--- WHAT YOU HAVE TO DO ---
For the material below, set down exactly the lines between the one containing "This image, recorded 2.7 s after image 1." and the last line, both included, leaving every picture out.

--- SUPPLIED DATA ---

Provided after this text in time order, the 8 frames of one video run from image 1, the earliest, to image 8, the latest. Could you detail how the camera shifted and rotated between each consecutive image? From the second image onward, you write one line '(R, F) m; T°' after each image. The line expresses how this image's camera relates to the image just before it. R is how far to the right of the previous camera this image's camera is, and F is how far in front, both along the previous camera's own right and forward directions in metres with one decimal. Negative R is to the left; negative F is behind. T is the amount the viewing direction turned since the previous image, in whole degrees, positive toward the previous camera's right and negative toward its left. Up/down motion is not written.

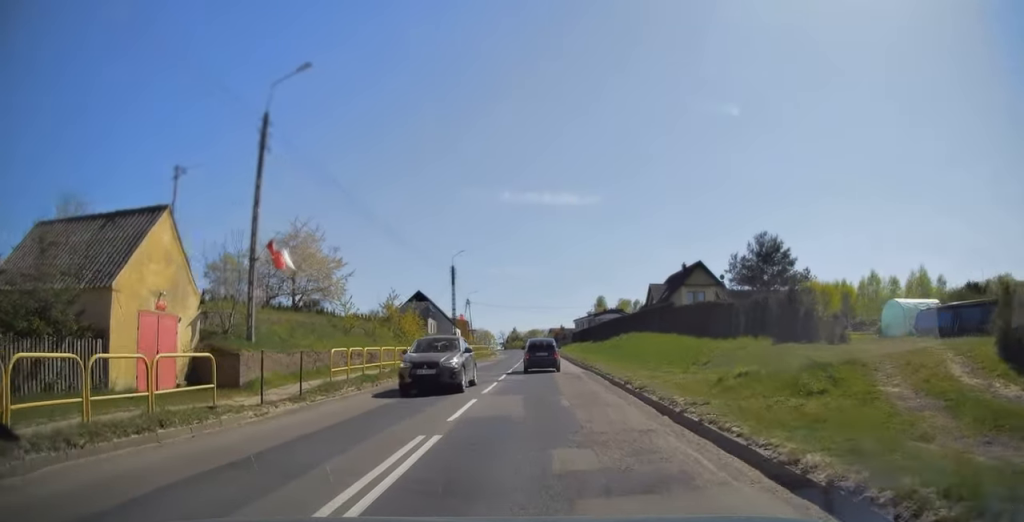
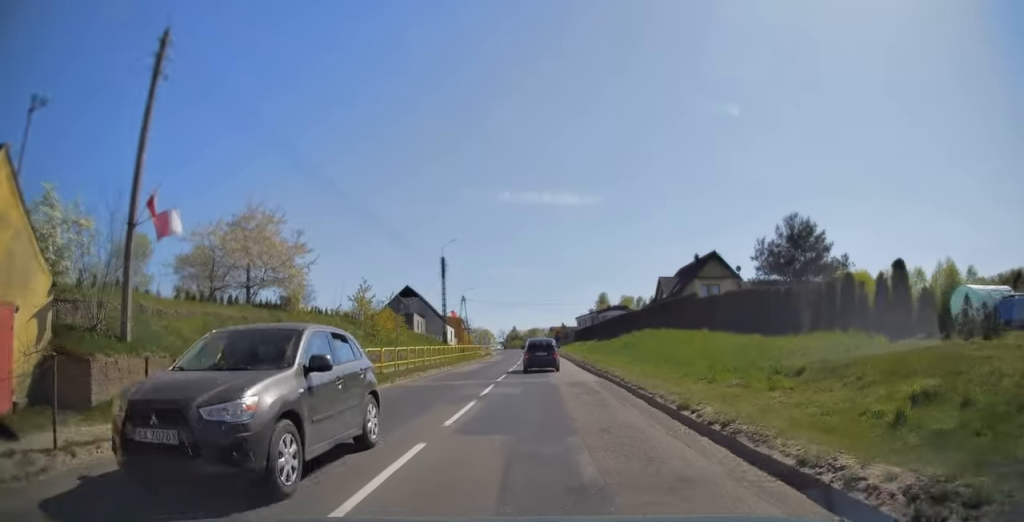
(0.0, +6.3) m; 0°
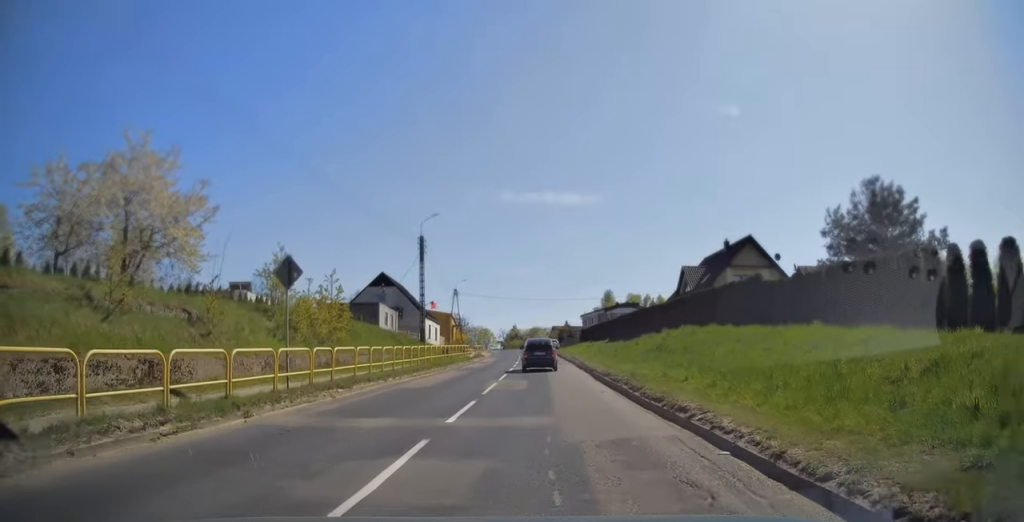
(0.0, +11.2) m; 0°
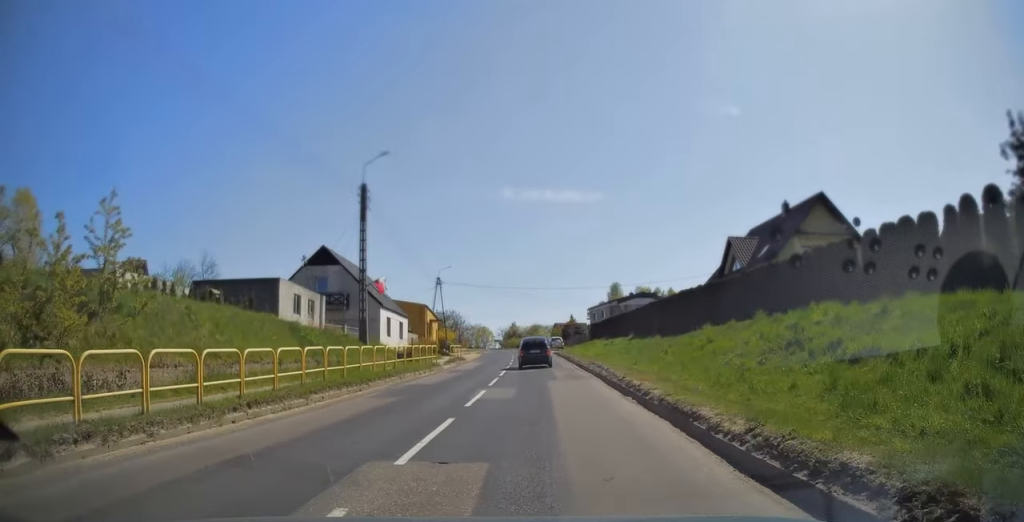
(+0.1, +15.6) m; 0°
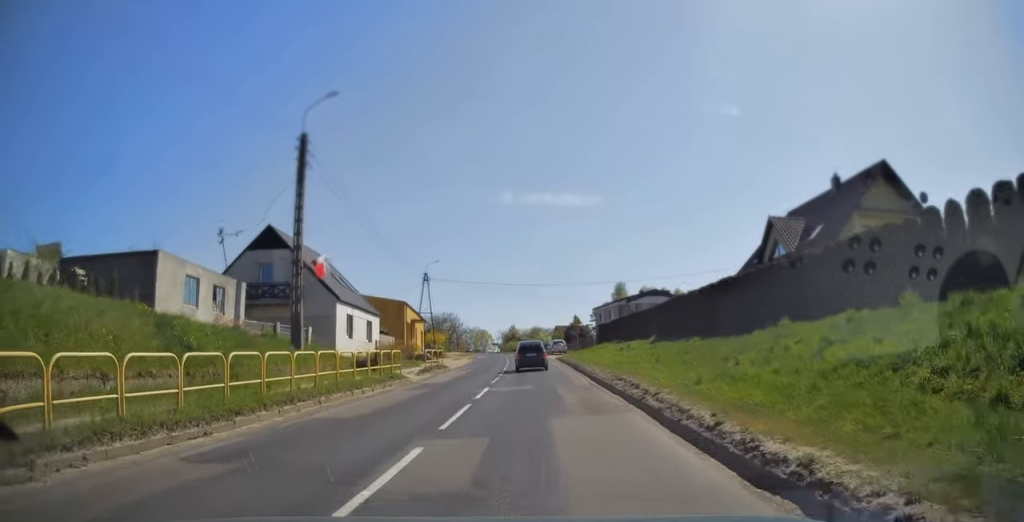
(-0.1, +8.6) m; 0°
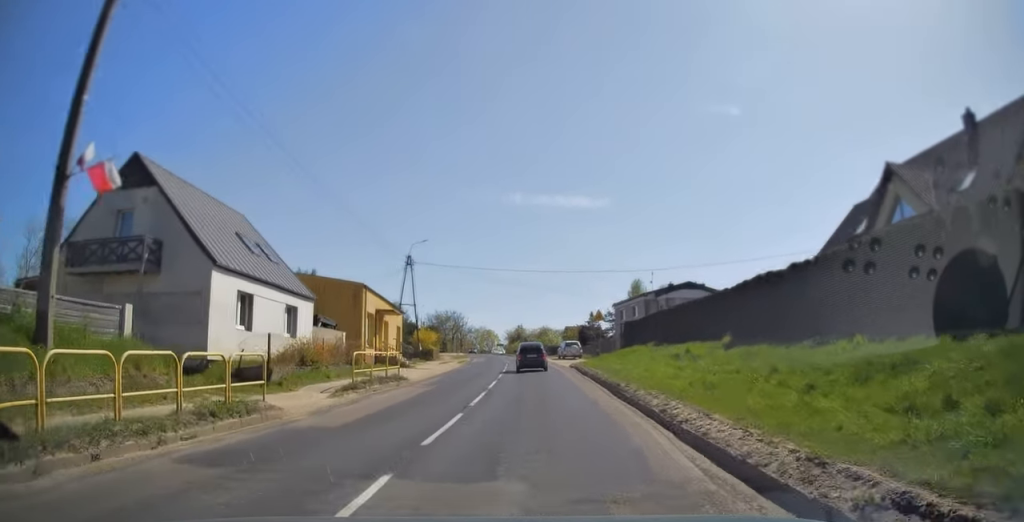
(-0.1, +13.1) m; -1°
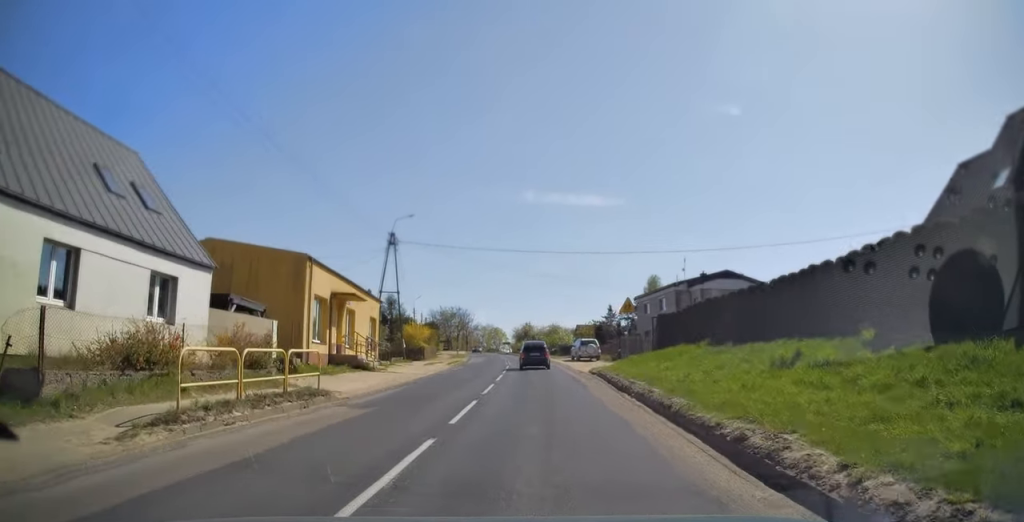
(-0.1, +9.7) m; -1°
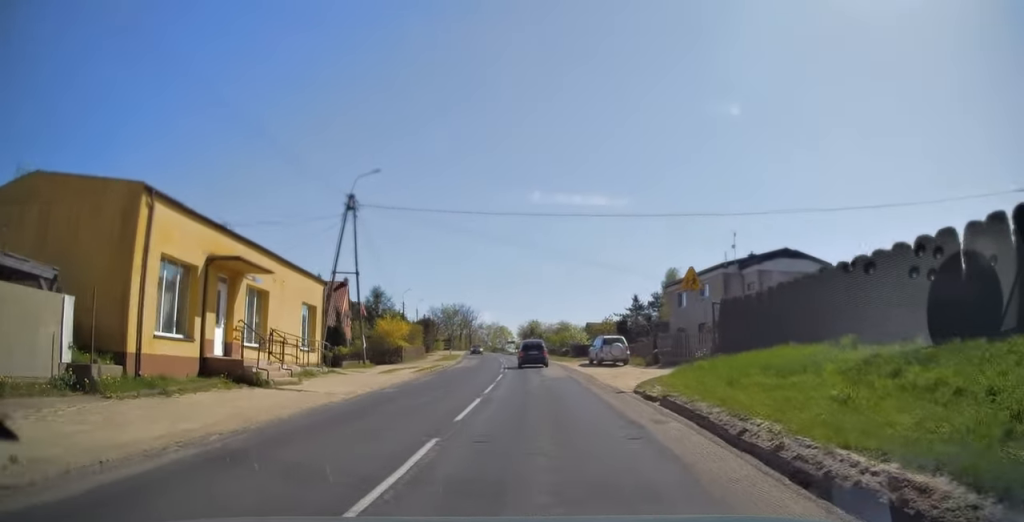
(-0.1, +11.8) m; -1°
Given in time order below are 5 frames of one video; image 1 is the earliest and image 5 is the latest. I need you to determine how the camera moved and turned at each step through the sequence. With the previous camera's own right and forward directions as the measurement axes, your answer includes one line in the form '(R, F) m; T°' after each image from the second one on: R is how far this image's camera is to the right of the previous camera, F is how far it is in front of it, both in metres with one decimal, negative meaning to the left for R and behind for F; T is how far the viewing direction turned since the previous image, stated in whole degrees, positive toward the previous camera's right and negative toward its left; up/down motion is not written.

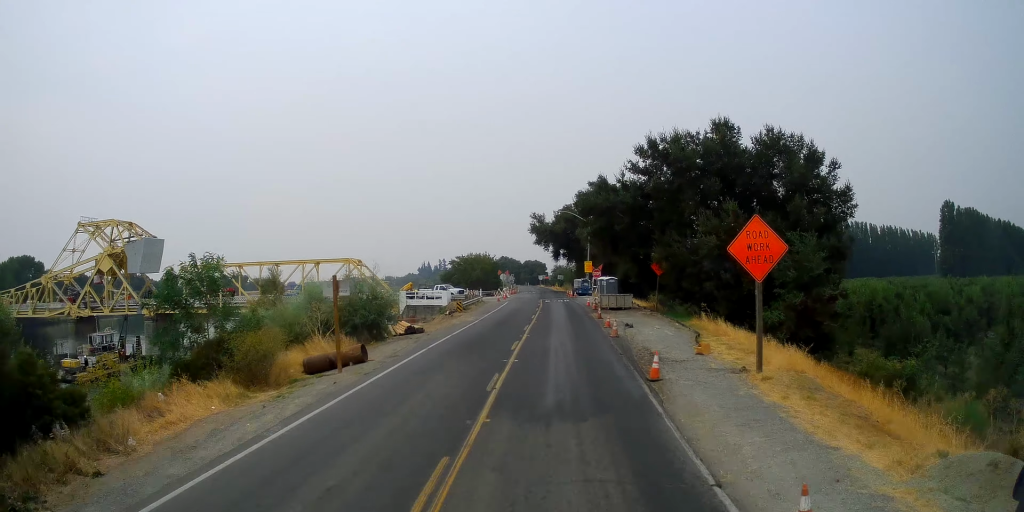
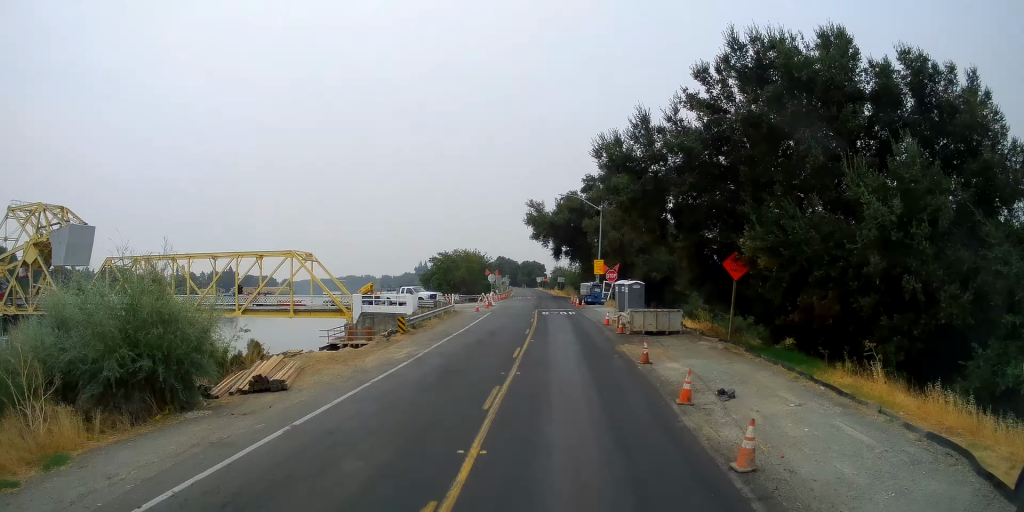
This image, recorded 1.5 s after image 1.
(-0.2, +18.7) m; -3°
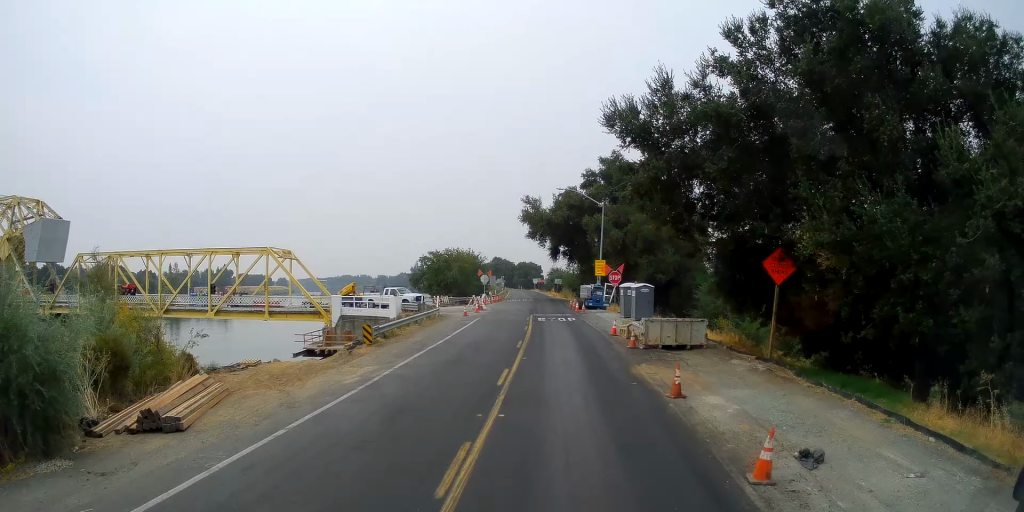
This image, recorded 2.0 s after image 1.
(+0.1, +5.5) m; +2°
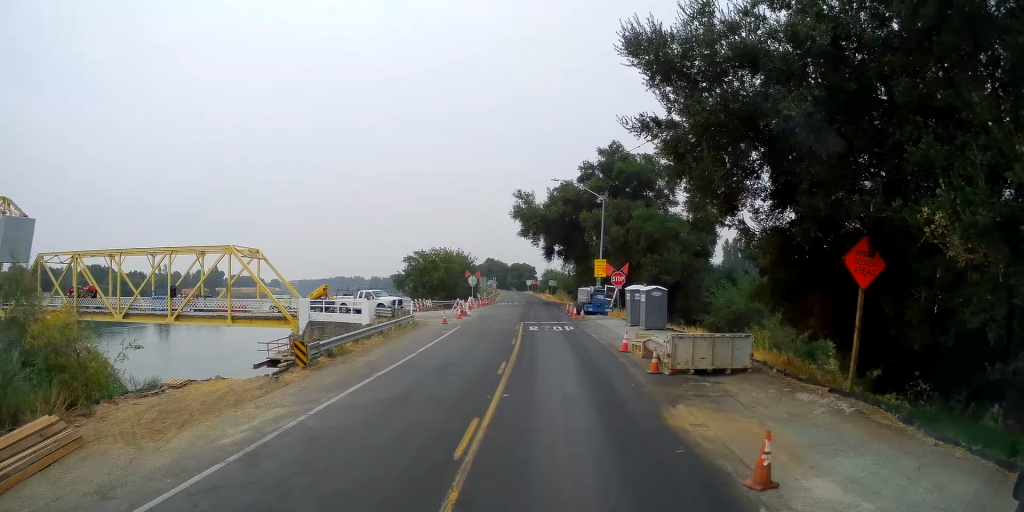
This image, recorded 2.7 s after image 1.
(+0.1, +7.1) m; +3°
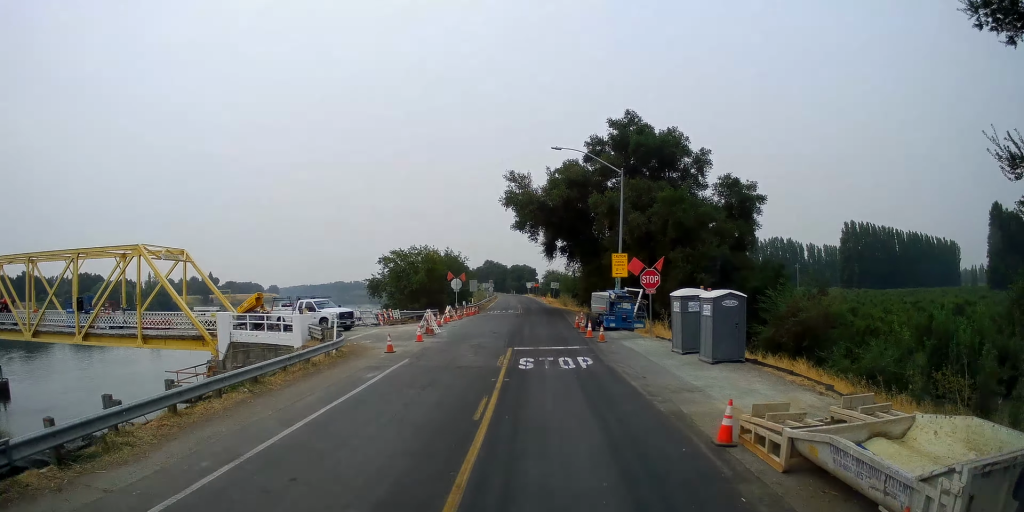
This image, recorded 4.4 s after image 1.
(+0.5, +14.4) m; -1°

--- RESPONSE TO THE TASK ---
This image, recorded 2.7 s after image 1.
(+0.1, +7.1) m; +3°
This image, recorded 4.4 s after image 1.
(+0.5, +14.4) m; -1°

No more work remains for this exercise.